Seriez-vous donc, en Occident, en train de nourrir l'espoir stupide de mettre fin de cette façon à l'Islam ? Vos savants et vos chercheurs ne vous ont-ils pas fait comprendre que vous ne faites que provoquer un Islam outrancier, que vous vous obstinez d'ailleurs à financer, à armer et à lâcher avec nombre de vos officiers, un peu partout dans les pays arabes, et surtout en Syrie ? Ne vous rendez-vous pas compte que ce faux Islam se retournera, tôt ou tard, contre vous, au cœur de vos capitales, villes et campagnes ?

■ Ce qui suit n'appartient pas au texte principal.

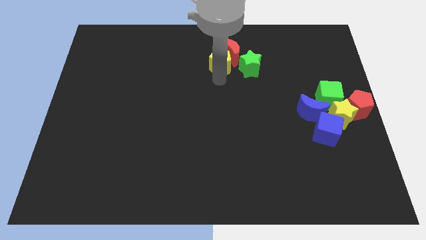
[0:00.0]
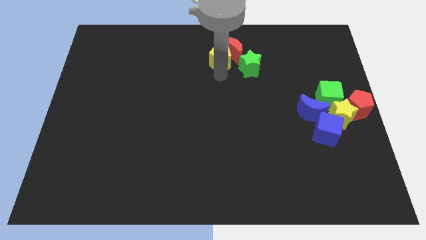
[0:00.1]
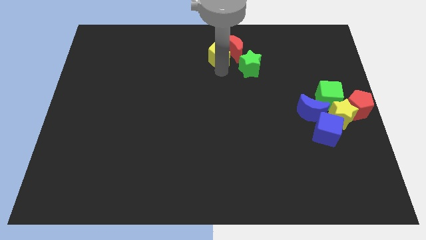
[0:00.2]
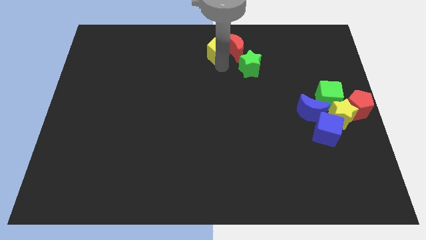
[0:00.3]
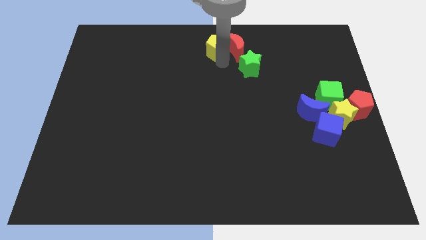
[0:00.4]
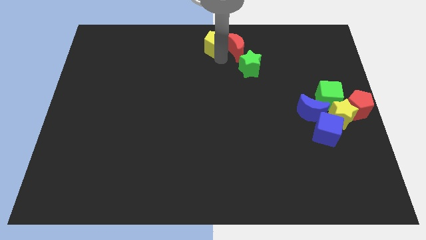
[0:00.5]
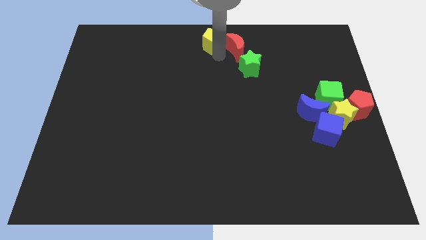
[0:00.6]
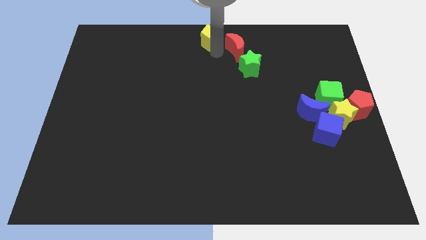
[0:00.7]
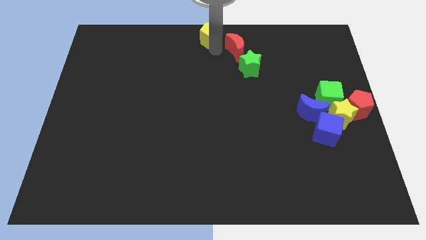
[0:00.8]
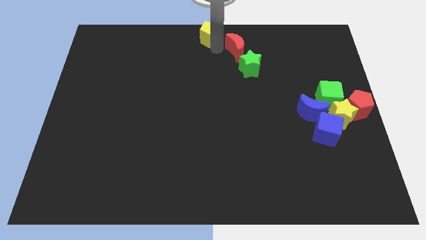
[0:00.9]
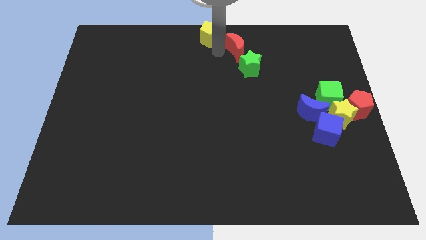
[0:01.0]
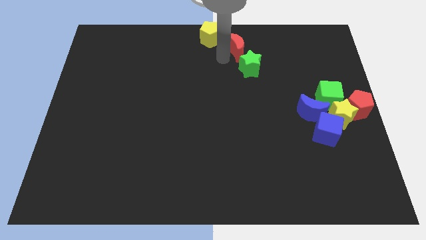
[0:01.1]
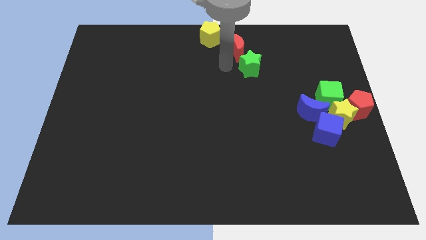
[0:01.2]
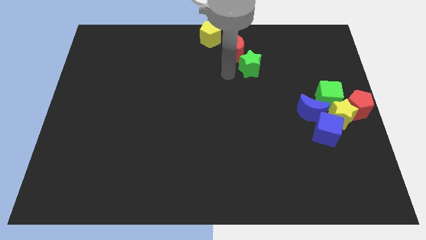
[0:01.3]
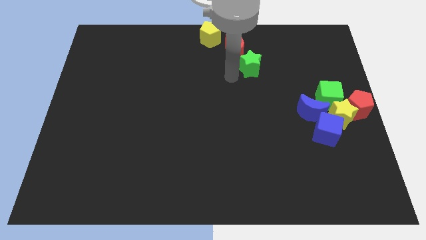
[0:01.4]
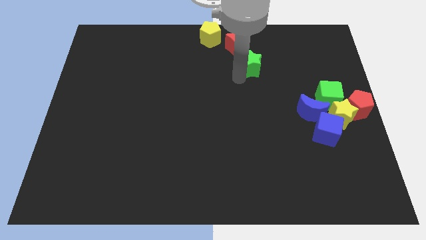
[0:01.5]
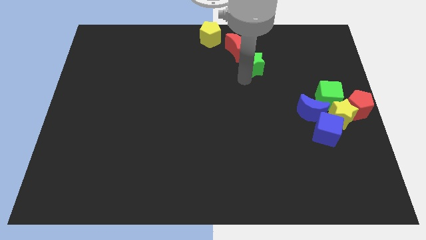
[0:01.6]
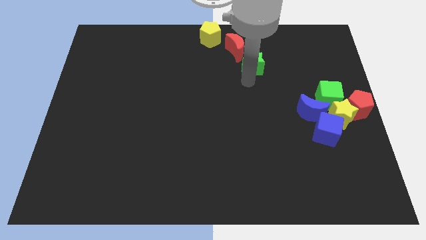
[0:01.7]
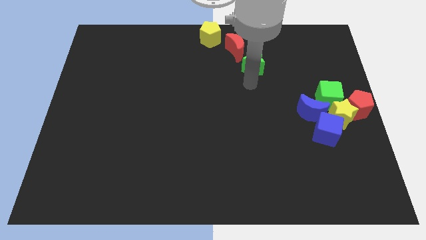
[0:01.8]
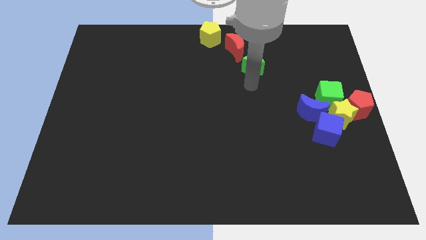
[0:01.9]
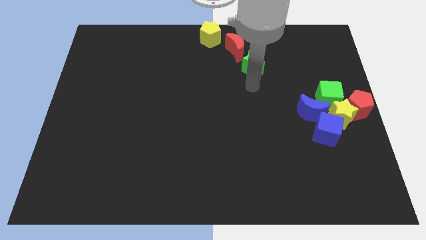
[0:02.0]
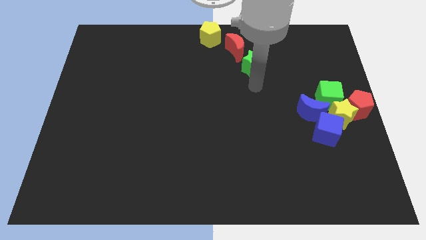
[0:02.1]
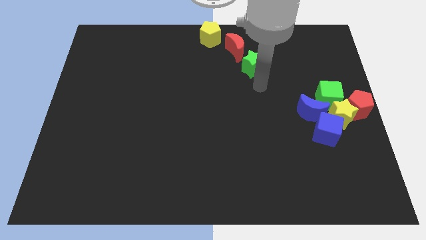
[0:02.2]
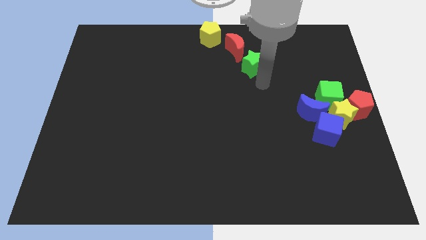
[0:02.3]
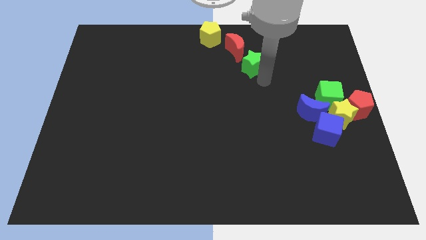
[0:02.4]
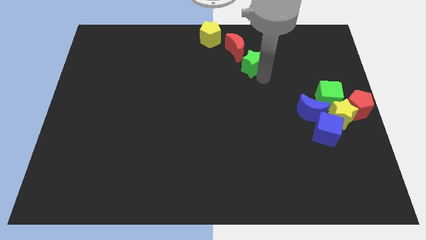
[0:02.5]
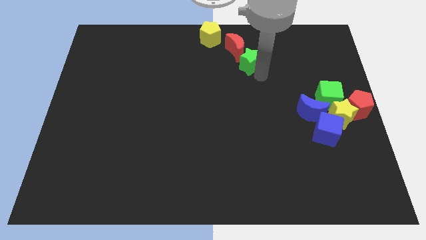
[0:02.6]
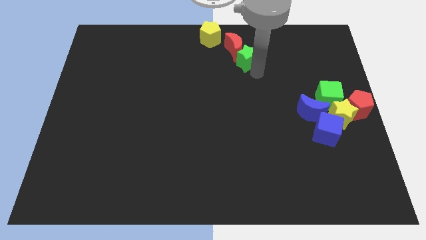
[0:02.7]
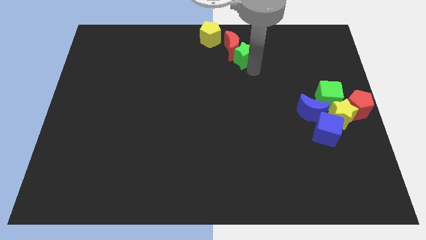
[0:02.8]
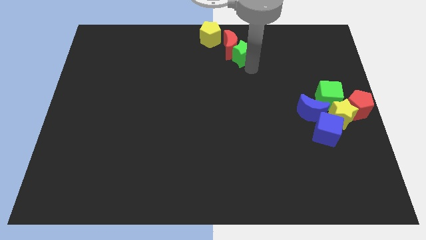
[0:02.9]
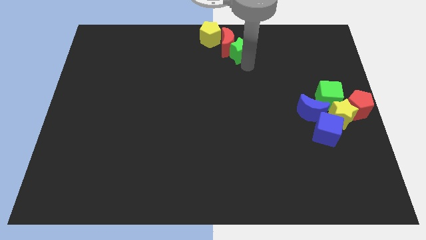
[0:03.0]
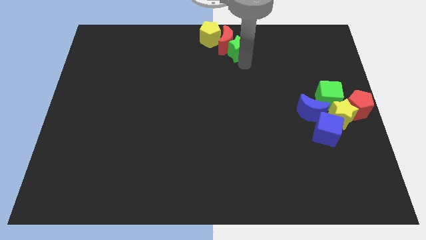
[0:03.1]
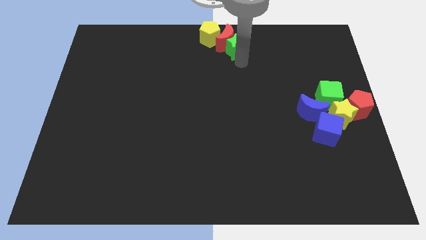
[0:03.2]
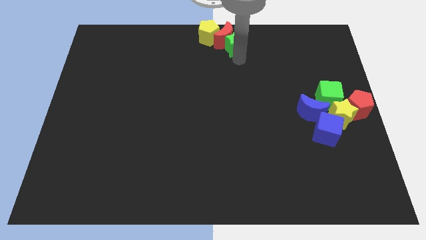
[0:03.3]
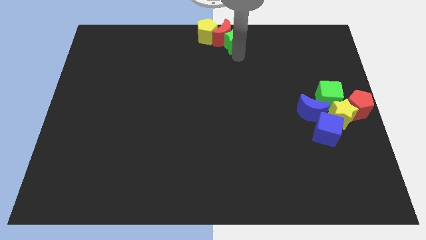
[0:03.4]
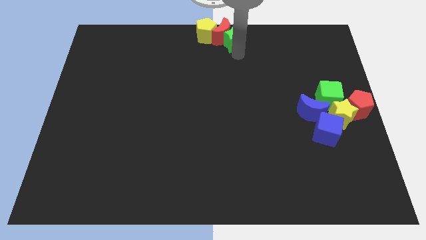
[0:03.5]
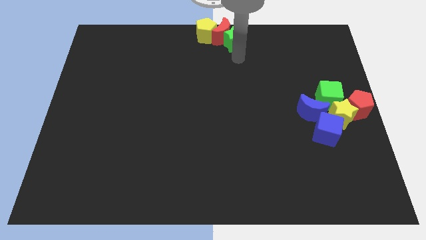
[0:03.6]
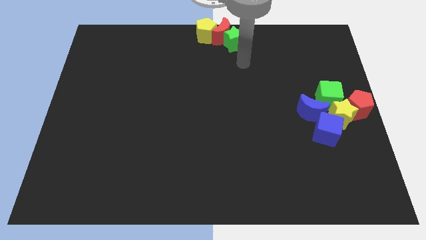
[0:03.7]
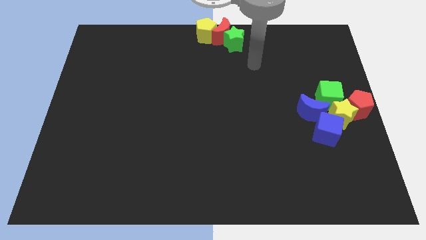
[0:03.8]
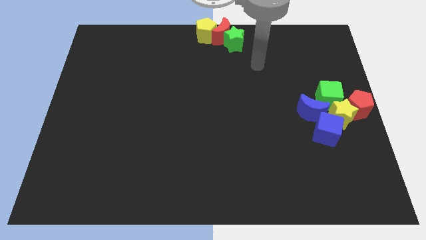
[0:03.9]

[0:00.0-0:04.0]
put the yellow pentagon green star and red moon at the top center

Pour tout cela, laissez-moi vous rappeler, moi simple citoyen de Syrie, que cet Islam que vous armez et dressez contre le Monde Arabe, en général, et la Syrie, en particulier, n'a rien à voir avec le véritable Islam, celui-là même que la Syrie a connu, lors de la Conquête arabe, ainsi que l'Égypte et, enfin, l'Espagne. Faut-il vous rappeler que les historiens occidentaux, dont des historiens juifs, ont dû reconnaître que l'Islam conquérant s'est révélé être le plus tolérant des conquérants ?

Ou ne seriez-vous, leaders occidentaux, dans vos différents pays, repus d'opulence et de « grandeur », que les vils exécuteurs des projets sionistes, depuis ces fameux Accords Sykes-Picot, et l'ignominieuse « Promesse Balfour », jusqu'à ce jour, et pour longtemps, semble-t-il, toujours empressés d'apporter à Israël, tous les soutiens possibles, connus et secrets, à tous les niveaux, aussi bien politiques et diplomatiques, que militaires, financiers et médiatiques ?

Oui, pourquoi vous faut-il assassiner et détruire des peuples entiers, pour qu'ISRAËL, SEUL, puisse enfin vivre et survivre ? Est-ce de la sorte que vous cherchez à réparer votre terrible complexe de culpabilité vis-à-vis des juifs, dû à un antisémitisme plus que millénaire et proprement occidental ? Vous faut-il le faire au prix de l'existence même de ces peuples arabes et musulmans, au milieu desquels les juifs avaient mené une vie quasi normale, faite de cordialité, voire, de riche collaboration ?

Si mes interrogations vous paraissent exagérées ou outrancières, permettez-moi de vous prier de lire ce qu'ont écrit sur l'emprise du Sionisme aux États-Unis, des hommes comme John Kennedy et Jimmy Carter, et des chercheurs courageux et connus, comme Paul Findley, Robert Dole, David Duke, Edward Tivnan, John Meirsheimer, Stephen Walt, Franklin Lamb, et surtout Noam Chomsky.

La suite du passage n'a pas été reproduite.